=== Section Start ===
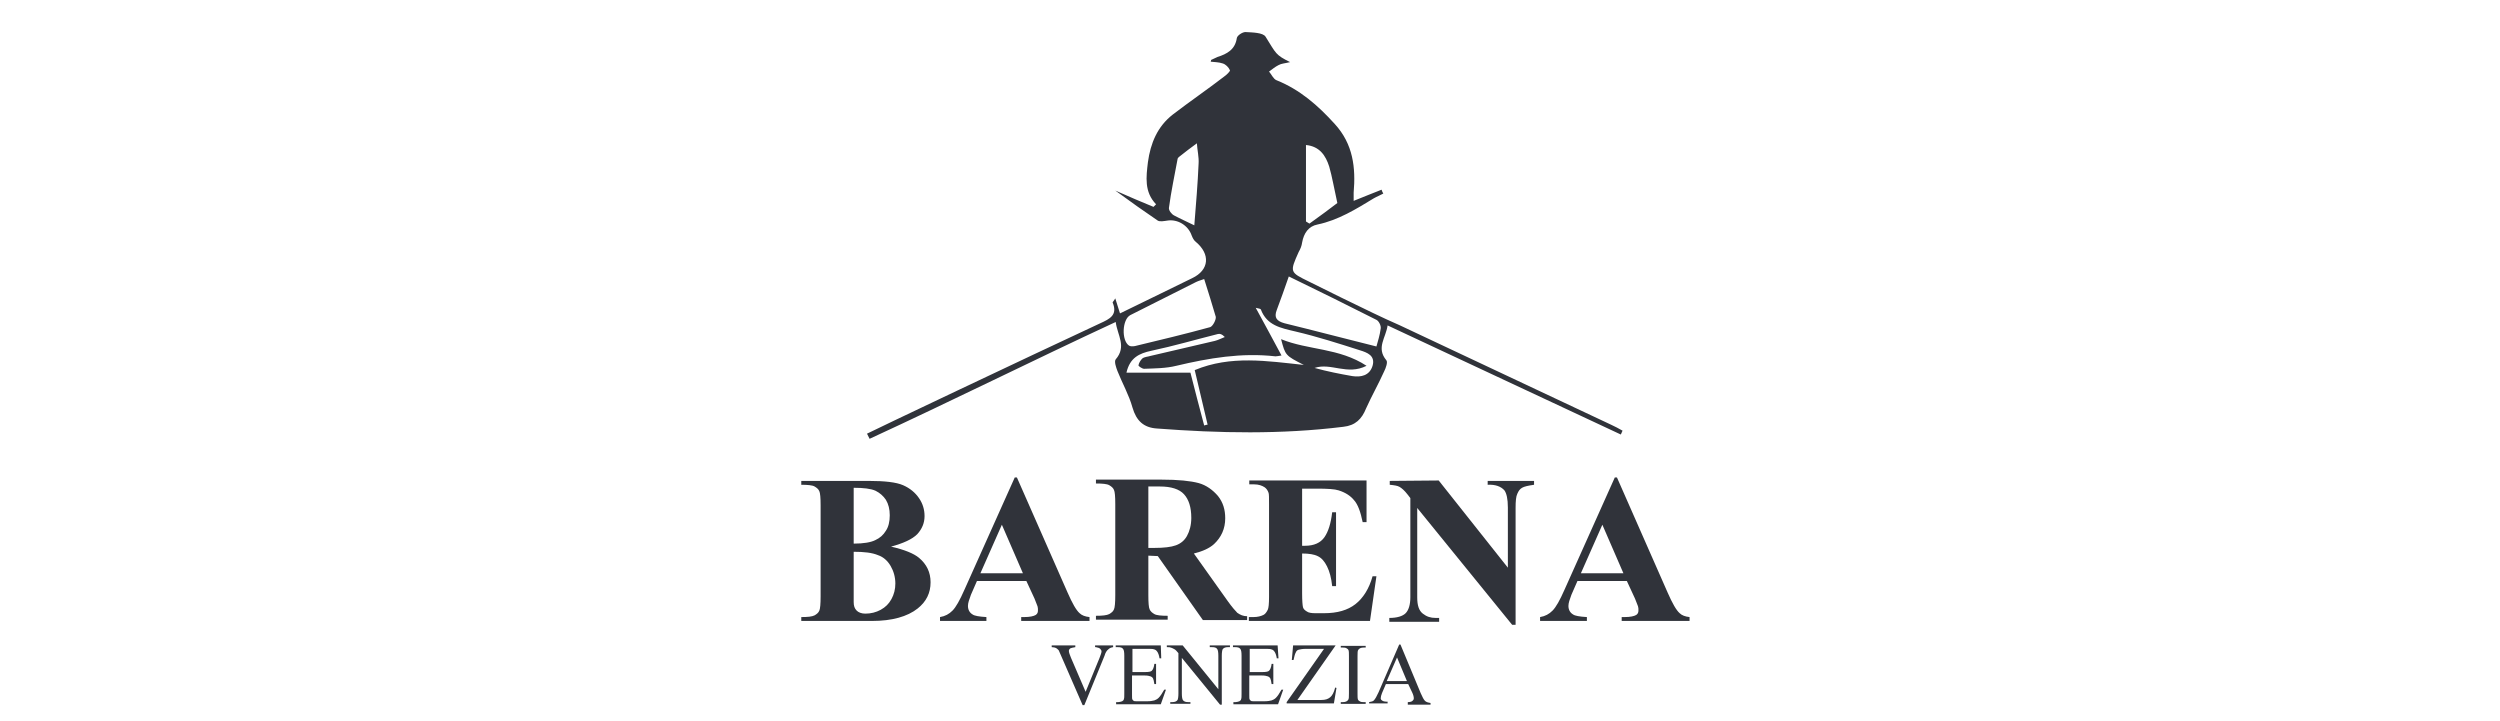 <svg width="156" height="45" viewBox="0 0 156 45" fill="none" xmlns="http://www.w3.org/2000/svg">
<g clip-path="url(#clip0_345_1142)">
<path d="M75.57 3.742C75.704 3.689 75.838 3.608 75.972 3.555C76.562 3.367 77.071 3.099 77.178 2.375C77.205 2.214 77.526 2 77.714 2C78.143 2.027 78.813 2.027 78.974 2.295C79.644 3.367 79.59 3.421 80.502 3.876C80.18 3.957 79.966 3.957 79.778 4.064C79.564 4.171 79.376 4.332 79.188 4.466C79.349 4.653 79.456 4.922 79.644 5.002C81.118 5.592 82.244 6.583 83.289 7.736C84.442 8.996 84.602 10.47 84.468 12.024C84.468 12.158 84.468 12.319 84.468 12.534C85.085 12.292 85.648 12.051 86.211 11.837C86.237 11.917 86.264 11.997 86.318 12.078C86.13 12.185 85.916 12.265 85.728 12.373C84.629 13.043 83.504 13.74 82.217 14.008C81.654 14.115 81.359 14.544 81.252 15.133C81.225 15.348 81.145 15.535 81.038 15.723C80.475 16.983 80.475 16.983 81.681 17.572C83.021 18.242 84.334 18.886 85.674 19.529C85.943 19.663 87.041 20.172 87.363 20.306C91.759 22.37 96.128 24.434 100.523 26.498C100.764 26.605 101.006 26.739 101.247 26.873C101.22 26.953 101.167 27.034 101.14 27.114C96.315 24.863 91.517 22.611 86.586 20.306C86.479 21.084 85.862 21.7 86.505 22.477C86.613 22.585 86.479 22.96 86.371 23.174C86.023 23.951 85.594 24.702 85.246 25.479C84.978 26.149 84.576 26.551 83.825 26.632C79.939 27.114 76.079 27.034 72.193 26.739C71.362 26.685 70.906 26.256 70.665 25.426C70.451 24.648 70.022 23.898 69.727 23.147C69.647 22.933 69.512 22.558 69.62 22.424C70.317 21.62 69.727 20.923 69.62 20.092C64.42 22.504 59.381 25.024 54.262 27.382C54.208 27.275 54.154 27.168 54.101 27.061C54.342 26.927 64.045 22.317 68.655 20.172C69.244 19.904 69.754 19.663 69.432 18.886C69.405 18.859 69.512 18.779 69.593 18.618C69.7 18.939 69.781 19.207 69.888 19.556C71.013 19.02 73.989 17.546 74.391 17.358C75.463 16.849 75.543 15.857 74.605 15.08C74.498 14.999 74.417 14.838 74.364 14.704C74.149 14.061 73.479 13.659 72.836 13.766C72.648 13.793 72.38 13.847 72.246 13.766C71.415 13.204 70.585 12.614 69.593 11.89C70.504 12.292 71.255 12.614 71.978 12.909C72.032 12.855 72.085 12.802 72.139 12.748C71.389 11.971 71.523 11.033 71.63 10.121C71.791 8.942 72.219 7.897 73.184 7.146C74.23 6.342 75.329 5.592 76.374 4.787C76.535 4.68 76.776 4.439 76.749 4.385C76.669 4.198 76.481 4.01 76.293 3.957C76.052 3.876 75.784 3.876 75.543 3.849C75.57 3.823 75.57 3.796 75.57 3.742ZM80.421 17.251C80.153 18.028 79.912 18.698 79.671 19.341C79.483 19.824 79.671 20.038 80.153 20.172C82.029 20.628 83.932 21.137 85.889 21.62C85.969 21.325 86.103 20.923 86.157 20.494C86.184 20.333 86.05 20.038 85.889 19.958C84.147 19.073 82.351 18.189 80.421 17.251ZM79.966 22.183C79.778 22.209 79.698 22.236 79.59 22.236C77.473 21.995 75.436 22.343 73.399 22.826C72.756 22.987 72.059 22.987 71.389 23.013C71.281 23.013 71.04 22.853 71.04 22.799C71.067 22.638 71.174 22.477 71.281 22.37C71.415 22.263 71.63 22.263 71.791 22.209C73.131 21.888 74.471 21.593 75.811 21.271C76.025 21.218 76.213 21.11 76.428 21.03C76.24 20.842 76.133 20.816 75.999 20.842C74.605 21.191 73.238 21.593 71.844 21.888C71.094 22.049 70.504 22.317 70.29 23.255C71.63 23.255 72.943 23.255 74.283 23.255C74.551 24.327 74.846 25.426 75.141 26.551C75.221 26.525 75.302 26.498 75.355 26.498C75.087 25.372 74.819 24.246 74.551 23.094C76.803 22.156 79.081 22.531 81.359 22.772C80.207 22.183 80.207 22.183 79.939 21.164C81.654 21.861 83.557 21.7 85.272 22.826C84.066 23.442 83.048 22.611 82.029 22.96C82.807 23.174 83.611 23.335 84.388 23.469C84.924 23.549 85.46 23.442 85.648 22.826C85.835 22.183 85.299 21.995 84.87 21.861C83.53 21.432 82.19 21.003 80.823 20.682C79.912 20.467 79.054 20.306 78.679 19.315C78.652 19.261 78.572 19.261 78.357 19.207C78.92 20.226 79.43 21.191 79.966 22.183ZM75.141 17.412C75.007 17.465 74.793 17.519 74.632 17.599C73.265 18.296 71.898 18.966 70.531 19.663C70.022 19.931 69.968 21.244 70.451 21.566C70.531 21.62 70.692 21.62 70.826 21.593C72.38 21.218 73.962 20.842 75.516 20.413C75.677 20.36 75.891 19.958 75.865 19.77C75.65 19.02 75.409 18.269 75.141 17.412ZM83.45 12.668C83.236 11.703 83.128 11.033 82.941 10.389C82.726 9.719 82.351 9.13 81.493 9.049C81.493 10.684 81.493 12.239 81.493 13.82C81.574 13.874 81.627 13.9 81.708 13.954C82.351 13.498 82.994 13.016 83.45 12.668ZM74.525 14.061C74.632 12.721 74.739 11.461 74.793 10.202C74.819 9.8 74.712 9.371 74.685 8.942C74.31 9.21 73.935 9.505 73.56 9.8C73.533 9.826 73.479 9.88 73.479 9.934C73.292 10.952 73.077 11.944 72.943 12.962C72.916 13.123 73.104 13.364 73.265 13.445C73.667 13.659 74.096 13.847 74.525 14.061Z" fill="#30333A"/>
<path d="M55.602 34.11C56.433 34.297 57.022 34.539 57.344 34.807C57.826 35.209 58.068 35.718 58.068 36.334C58.068 37.004 57.8 37.541 57.264 37.969C56.62 38.479 55.655 38.747 54.422 38.747H50V38.505C50.402 38.505 50.67 38.479 50.831 38.398C50.965 38.318 51.072 38.237 51.126 38.103C51.179 37.996 51.206 37.675 51.206 37.219V31.537C51.206 31.054 51.179 30.759 51.126 30.652C51.072 30.518 50.965 30.438 50.831 30.357C50.697 30.277 50.402 30.25 50 30.25V30.009H54.208C55.2 30.009 55.923 30.089 56.352 30.277C56.781 30.465 57.103 30.733 57.344 31.081C57.585 31.43 57.692 31.805 57.692 32.207C57.692 32.636 57.532 33.011 57.237 33.333C56.915 33.654 56.379 33.895 55.602 34.11ZM53.27 34.431V37.246V37.567C53.27 37.809 53.324 37.969 53.458 38.103C53.565 38.211 53.752 38.291 53.994 38.291C54.342 38.291 54.664 38.211 54.959 38.05C55.253 37.889 55.468 37.675 55.629 37.38C55.789 37.085 55.87 36.763 55.87 36.415C55.87 36.013 55.763 35.638 55.575 35.316C55.387 34.994 55.119 34.753 54.798 34.646C54.422 34.485 53.913 34.431 53.27 34.431ZM53.27 33.922C53.886 33.922 54.342 33.842 54.61 33.708C54.905 33.574 55.119 33.386 55.28 33.118C55.441 32.877 55.521 32.555 55.521 32.153C55.521 31.778 55.441 31.456 55.28 31.188C55.119 30.947 54.905 30.759 54.637 30.625C54.342 30.491 53.886 30.438 53.27 30.438V33.922Z" fill="#30333A"/>
<path d="M64.045 36.254H60.962L60.587 37.112C60.48 37.407 60.4 37.621 60.4 37.809C60.4 38.05 60.507 38.237 60.694 38.345C60.801 38.425 61.096 38.479 61.552 38.505V38.747H58.657V38.505C58.979 38.452 59.22 38.318 59.435 38.103C59.649 37.889 59.89 37.46 60.185 36.79L63.321 29.794H63.455L66.618 36.978C66.912 37.648 67.154 38.077 67.368 38.264C67.502 38.398 67.717 38.479 67.985 38.505V38.747H63.723V38.505H63.911C64.259 38.505 64.5 38.452 64.634 38.371C64.742 38.291 64.768 38.211 64.768 38.077C64.768 37.996 64.768 37.916 64.742 37.835C64.742 37.809 64.661 37.648 64.554 37.353L64.045 36.254ZM63.83 35.772L62.517 32.743L61.177 35.772H63.83Z" fill="#30333A"/>
<path d="M71.657 34.673V37.139C71.657 37.621 71.683 37.916 71.737 38.023C71.791 38.157 71.898 38.237 72.032 38.318C72.166 38.398 72.461 38.425 72.863 38.425V38.666H68.387V38.425C68.789 38.425 69.057 38.398 69.218 38.318C69.352 38.237 69.459 38.157 69.512 38.023C69.566 37.916 69.593 37.594 69.593 37.139V31.456C69.593 30.974 69.566 30.679 69.512 30.572C69.459 30.438 69.352 30.357 69.218 30.277C69.084 30.197 68.789 30.17 68.387 30.17V29.928H72.461C73.533 29.928 74.283 30.009 74.793 30.143C75.275 30.277 75.677 30.572 75.999 30.947C76.32 31.349 76.454 31.805 76.454 32.341C76.454 32.984 76.213 33.52 75.757 33.949C75.463 34.217 75.034 34.405 74.498 34.539L76.615 37.514C76.883 37.889 77.098 38.13 77.205 38.237C77.392 38.371 77.58 38.452 77.821 38.452V38.693H75.061L72.246 34.699L71.657 34.673ZM71.657 30.357V34.19H72.032C72.622 34.19 73.077 34.137 73.372 34.029C73.667 33.922 73.908 33.734 74.069 33.44C74.23 33.145 74.337 32.77 74.337 32.314C74.337 31.644 74.176 31.162 73.881 30.84C73.587 30.518 73.077 30.357 72.38 30.357H71.657Z" fill="#30333A"/>
<path d="M81.252 30.491V34.056H81.44C82.002 34.056 82.404 33.868 82.646 33.52C82.887 33.172 83.048 32.662 83.128 31.965H83.369V36.576H83.128C83.075 36.066 82.967 35.664 82.807 35.343C82.646 35.021 82.458 34.807 82.217 34.699C82.002 34.592 81.681 34.539 81.252 34.539V37.005C81.252 37.487 81.279 37.782 81.306 37.889C81.332 37.996 81.413 38.077 81.547 38.157C81.654 38.237 81.842 38.264 82.083 38.264H82.619C83.45 38.264 84.093 38.077 84.576 37.701C85.058 37.326 85.433 36.736 85.648 35.959H85.889L85.487 38.747H77.928V38.505H78.223C78.465 38.505 78.679 38.452 78.84 38.371C78.947 38.318 79.027 38.211 79.108 38.05C79.161 37.943 79.188 37.675 79.188 37.246V31.483C79.188 31.081 79.188 30.84 79.161 30.759C79.108 30.599 79.027 30.491 78.92 30.411C78.759 30.304 78.545 30.223 78.25 30.223H77.955V29.982H85.272V32.582H85.031C84.897 31.939 84.736 31.483 84.495 31.215C84.281 30.947 83.959 30.733 83.53 30.599C83.289 30.518 82.833 30.491 82.163 30.491H81.252Z" fill="#30333A"/>
<path d="M89.775 29.982L94.091 35.423V31.671C94.091 31.135 94.01 30.786 93.876 30.599C93.662 30.357 93.313 30.223 92.831 30.25V30.009H95.725V30.25C95.35 30.304 95.109 30.357 94.975 30.438C94.841 30.518 94.761 30.625 94.68 30.813C94.6 30.974 94.573 31.269 94.573 31.698V38.988H94.359L88.435 31.698V37.273C88.435 37.782 88.542 38.103 88.784 38.291C89.025 38.479 89.266 38.559 89.588 38.559H89.802V38.8H86.693V38.559C87.175 38.559 87.524 38.452 87.712 38.264C87.899 38.077 88.006 37.728 88.006 37.273V31.081L87.819 30.84C87.631 30.599 87.47 30.465 87.336 30.384C87.202 30.304 86.988 30.277 86.72 30.25V30.009L89.775 29.982Z" fill="#30333A"/>
<path d="M101.515 36.254H98.433L98.057 37.112C97.95 37.407 97.87 37.621 97.87 37.809C97.87 38.05 97.977 38.237 98.165 38.345C98.272 38.425 98.567 38.479 99.022 38.505V38.747H96.101V38.505C96.422 38.452 96.664 38.318 96.878 38.103C97.093 37.889 97.334 37.46 97.629 36.79L100.764 29.794H100.898L104.061 36.978C104.356 37.648 104.597 38.077 104.812 38.264C104.946 38.398 105.16 38.479 105.428 38.505V38.747H101.193V38.505H101.381C101.729 38.505 101.971 38.452 102.105 38.371C102.212 38.291 102.239 38.211 102.239 38.077C102.239 37.996 102.239 37.916 102.212 37.835C102.212 37.809 102.131 37.648 102.024 37.353L101.515 36.254ZM101.301 35.772L99.987 32.743L98.647 35.772H101.301Z" fill="#30333A"/>
<path d="M69.459 40.274V40.382C69.325 40.408 69.244 40.435 69.164 40.516C69.057 40.596 68.976 40.73 68.923 40.918L67.663 44H67.556L66.189 40.864C66.109 40.703 66.082 40.596 66.055 40.569C66.001 40.516 65.948 40.462 65.894 40.435C65.841 40.408 65.733 40.382 65.626 40.382V40.274H67.1V40.382C66.939 40.408 66.832 40.435 66.779 40.462C66.725 40.516 66.698 40.542 66.698 40.623C66.698 40.703 66.752 40.864 66.832 41.052L67.743 43.169L68.601 41.078C68.682 40.864 68.735 40.73 68.735 40.65C68.735 40.596 68.708 40.542 68.655 40.489C68.601 40.435 68.521 40.408 68.387 40.382C68.387 40.382 68.36 40.382 68.333 40.382V40.274H69.459Z" fill="#30333A"/>
<path d="M70.665 40.489V41.936H71.469C71.683 41.936 71.817 41.909 71.871 41.856C71.951 41.775 72.005 41.641 72.032 41.427H72.139V42.687H72.032C72.005 42.499 71.978 42.392 71.951 42.338C71.925 42.285 71.871 42.231 71.791 42.204C71.71 42.177 71.603 42.151 71.442 42.151H70.638V43.357C70.638 43.517 70.638 43.625 70.665 43.651C70.692 43.678 70.692 43.705 70.745 43.732C70.772 43.759 70.853 43.759 70.96 43.759H71.576C71.791 43.759 71.925 43.732 72.032 43.705C72.112 43.678 72.219 43.625 72.3 43.544C72.407 43.437 72.514 43.276 72.648 43.035H72.756L72.434 43.946H69.646V43.812H69.78C69.861 43.812 69.941 43.785 70.022 43.759C70.075 43.732 70.129 43.678 70.129 43.625C70.156 43.571 70.156 43.464 70.156 43.276V40.918C70.156 40.676 70.129 40.542 70.075 40.489C70.022 40.408 69.915 40.382 69.754 40.382H69.62V40.274H72.434L72.461 41.078H72.353C72.327 40.891 72.273 40.757 72.219 40.676C72.166 40.596 72.112 40.542 72.005 40.516C71.925 40.489 71.817 40.489 71.63 40.489H70.665Z" fill="#30333A"/>
<path d="M72.809 40.274H73.801L76.025 43.008V40.918C76.025 40.703 75.999 40.542 75.945 40.489C75.891 40.408 75.784 40.382 75.623 40.382H75.489V40.274H76.749V40.382H76.615C76.454 40.382 76.347 40.435 76.293 40.516C76.267 40.569 76.24 40.703 76.24 40.918V43.973H76.133L73.747 41.052V43.276C73.747 43.491 73.774 43.651 73.828 43.705C73.908 43.785 73.989 43.812 74.149 43.812H74.283V43.919H73.024V43.812H73.158C73.318 43.812 73.426 43.759 73.479 43.678C73.506 43.625 73.533 43.491 73.533 43.276V40.757C73.426 40.623 73.345 40.542 73.292 40.516C73.238 40.489 73.158 40.435 73.05 40.408C72.997 40.382 72.916 40.382 72.809 40.382V40.274Z" fill="#30333A"/>
<path d="M77.982 40.489V41.936H78.786C79.001 41.936 79.135 41.909 79.188 41.856C79.269 41.775 79.322 41.641 79.349 41.427H79.456V42.687H79.349C79.322 42.499 79.296 42.392 79.269 42.338C79.242 42.285 79.188 42.231 79.108 42.204C79.027 42.177 78.92 42.151 78.759 42.151H77.955V43.357C77.955 43.517 77.955 43.625 77.982 43.651C78.009 43.678 78.009 43.705 78.062 43.732C78.089 43.759 78.17 43.759 78.277 43.759H78.893C79.108 43.759 79.242 43.732 79.349 43.705C79.43 43.678 79.537 43.625 79.617 43.544C79.724 43.437 79.832 43.276 79.966 43.035H80.073L79.751 43.946H76.964V43.812H77.098C77.178 43.812 77.258 43.785 77.339 43.759C77.392 43.732 77.446 43.678 77.446 43.625C77.473 43.571 77.473 43.464 77.473 43.276V40.918C77.473 40.676 77.446 40.542 77.392 40.489C77.339 40.408 77.232 40.382 77.071 40.382H76.937V40.274H79.724L79.778 41.078H79.671C79.644 40.891 79.59 40.757 79.537 40.676C79.483 40.596 79.43 40.542 79.322 40.516C79.242 40.489 79.135 40.489 78.947 40.489H77.982Z" fill="#30333A"/>
<path d="M83.343 40.274L80.957 43.678H82.458C82.699 43.678 82.86 43.625 82.994 43.517C83.128 43.41 83.235 43.223 83.316 42.901L83.396 42.928L83.235 43.893H80.287V43.812L82.619 40.489H81.466C81.279 40.489 81.145 40.516 81.038 40.542C80.93 40.569 80.877 40.65 80.85 40.73C80.796 40.81 80.77 40.971 80.716 41.186H80.609L80.689 40.274H83.343Z" fill="#30333A"/>
<path d="M85.219 43.812V43.92H83.664V43.812H83.798C83.959 43.812 84.066 43.759 84.12 43.678C84.174 43.625 84.174 43.491 84.174 43.276V40.944C84.174 40.757 84.174 40.65 84.147 40.569C84.12 40.516 84.093 40.489 84.04 40.462C83.959 40.408 83.879 40.408 83.798 40.408H83.664V40.301H85.219V40.408H85.085C84.924 40.408 84.817 40.462 84.763 40.542C84.71 40.596 84.71 40.73 84.71 40.944V43.276C84.71 43.464 84.71 43.571 84.736 43.652C84.763 43.705 84.79 43.732 84.844 43.759C84.924 43.812 85.004 43.812 85.085 43.812H85.219Z" fill="#30333A"/>
<path d="M87.872 42.687H86.479L86.237 43.249C86.184 43.384 86.157 43.491 86.157 43.571C86.157 43.625 86.184 43.678 86.237 43.705C86.291 43.759 86.398 43.786 86.586 43.786V43.893H85.433V43.812C85.594 43.786 85.675 43.759 85.728 43.705C85.809 43.625 85.916 43.437 86.023 43.196L87.309 40.221H87.39L88.65 43.249C88.757 43.491 88.837 43.652 88.918 43.732C88.998 43.812 89.105 43.839 89.266 43.866V43.973H87.846V43.812C87.98 43.812 88.087 43.786 88.14 43.732C88.194 43.678 88.221 43.652 88.221 43.571C88.221 43.491 88.194 43.357 88.114 43.196L87.872 42.687ZM87.792 42.499L87.175 41.025L86.532 42.499H87.792Z" fill="#30333A"/>
</g>
<defs>
<clipPath id="clip0_345_1142">
<rect width="156" height="45" fill="white"/>
</clipPath>
</defs>
</svg>
=== Section End ===
- _EXERCISE_
Whenever a line of the listing above holds the word "clipPath", copy that line.

- _RESPONSE TO THIS EXERCISE_
<clipPath id="clip0_345_1142">
</clipPath>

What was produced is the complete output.